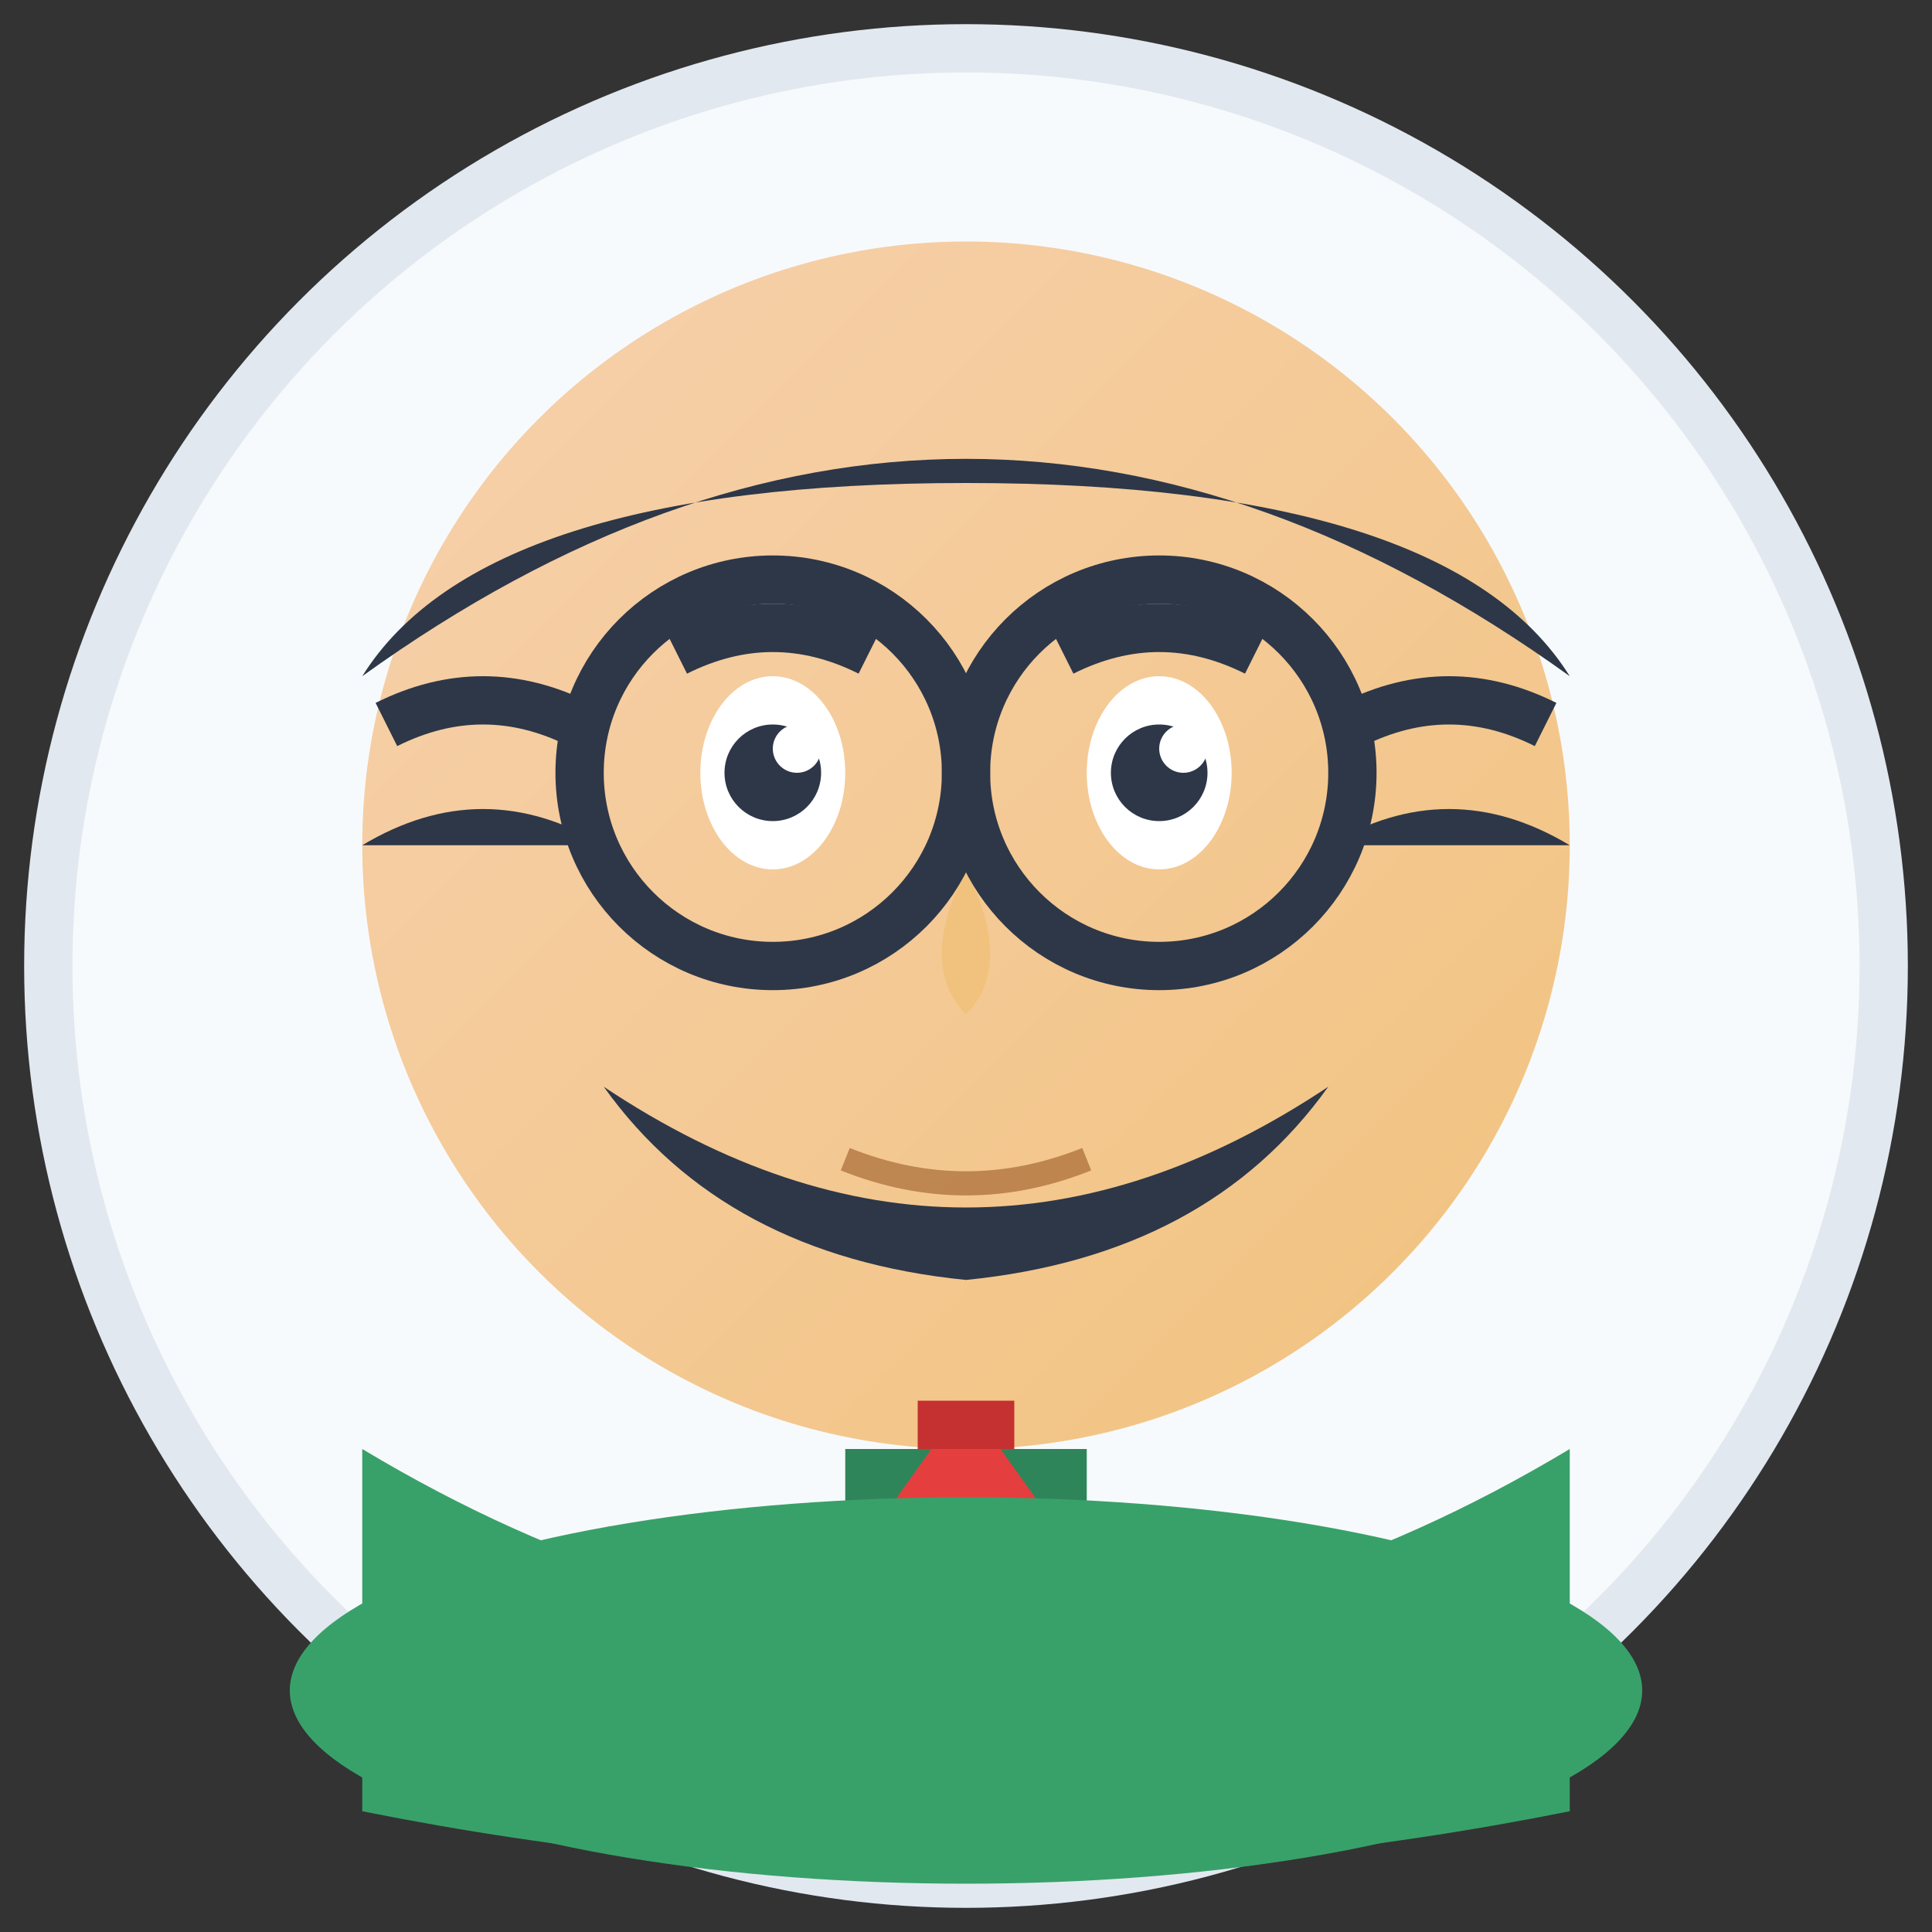 <svg width="80" height="80" viewBox="0 0 80 80" fill="none" xmlns="http://www.w3.org/2000/svg">
    <rect x="0" y="0" width="80" height="80" fill="#333333" stroke="none"/>
    <defs>
        <linearGradient id="faceGrad2" x1="0%" y1="0%" x2="100%" y2="100%">
            <stop offset="0%" style="stop-color:#f7d1ae;stop-opacity:1" />
            <stop offset="100%" style="stop-color:#f1c27d;stop-opacity:1" />
        </linearGradient>
    </defs>
    
    <!-- Background circle -->
    <circle cx="40" cy="40" r="38" fill="#f7fafc" stroke="#e2e8f0" stroke-width="2"/>
    
    <!-- Face -->
    <circle cx="40" cy="35" r="25" fill="url(#faceGrad2)"/>
    
    <!-- Hair -->
    <path d="M15 28 Q40 10 65 28 Q60 20 40 20 Q20 20 15 28" fill="#2d3748"/>
    <path d="M15 35 Q20 32 25 35" fill="#2d3748"/>
    <path d="M55 35 Q60 32 65 35" fill="#2d3748"/>
    
    <!-- Beard -->
    <path d="M25 45 Q40 55 55 45 Q50 52 40 53 Q30 52 25 45" fill="#2d3748"/>
    
    <!-- Eyes -->
    <ellipse cx="32" cy="32" rx="3" ry="4" fill="#ffffff"/>
    <ellipse cx="48" cy="32" rx="3" ry="4" fill="#ffffff"/>
    <circle cx="32" cy="32" r="2" fill="#2d3748"/>
    <circle cx="48" cy="32" r="2" fill="#2d3748"/>
    <circle cx="33" cy="31" r="1" fill="#ffffff"/>
    <circle cx="49" cy="31" r="1" fill="#ffffff"/>
    
    <!-- Eyebrows -->
    <path d="M28 27 Q32 25 36 27" stroke="#2d3748" stroke-width="2" fill="none"/>
    <path d="M44 27 Q48 25 52 27" stroke="#2d3748" stroke-width="2" fill="none"/>
    
    <!-- Nose -->
    <path d="M40 36 Q38 40 40 42 Q42 40 40 36" fill="#f1c27d"/>
    
    <!-- Mouth (hidden by beard) -->
    <path d="M35 48 Q40 50 45 48" stroke="#8b4513" stroke-width="1" fill="none" opacity="0.5"/>
    
    <!-- Glasses -->
    <circle cx="32" cy="32" r="8" fill="none" stroke="#2d3748" stroke-width="2"/>
    <circle cx="48" cy="32" r="8" fill="none" stroke="#2d3748" stroke-width="2"/>
    <path d="M40 32 L40 32" stroke="#2d3748" stroke-width="2"/>
    <path d="M24 30 Q20 28 16 30" stroke="#2d3748" stroke-width="2" fill="none"/>
    <path d="M56 30 Q60 28 64 30" stroke="#2d3748" stroke-width="2" fill="none"/>
    
    <!-- Clothing -->
    <path d="M15 60 Q40 75 65 60 L65 75 Q40 80 15 75 Z" fill="#38a169"/>
    <rect x="35" y="60" width="10" height="15" fill="#2f855a"/>
    
    <!-- Tie -->
    <polygon points="40,58 35,65 45,65" fill="#e53e3e"/>
    <rect x="38" y="58" width="4" height="2" fill="#c53030"/>
    
    <!-- Shoulders -->
    <ellipse cx="40" cy="70" rx="28" ry="8" fill="#38a169"/>
</svg>

══════════

→ **INSTRUCTIONS TO FOLLOW**: State the number of lines in the records that include the string "ffffff", without any other words.

→ **REPLY TO THE EXERCISE**: 4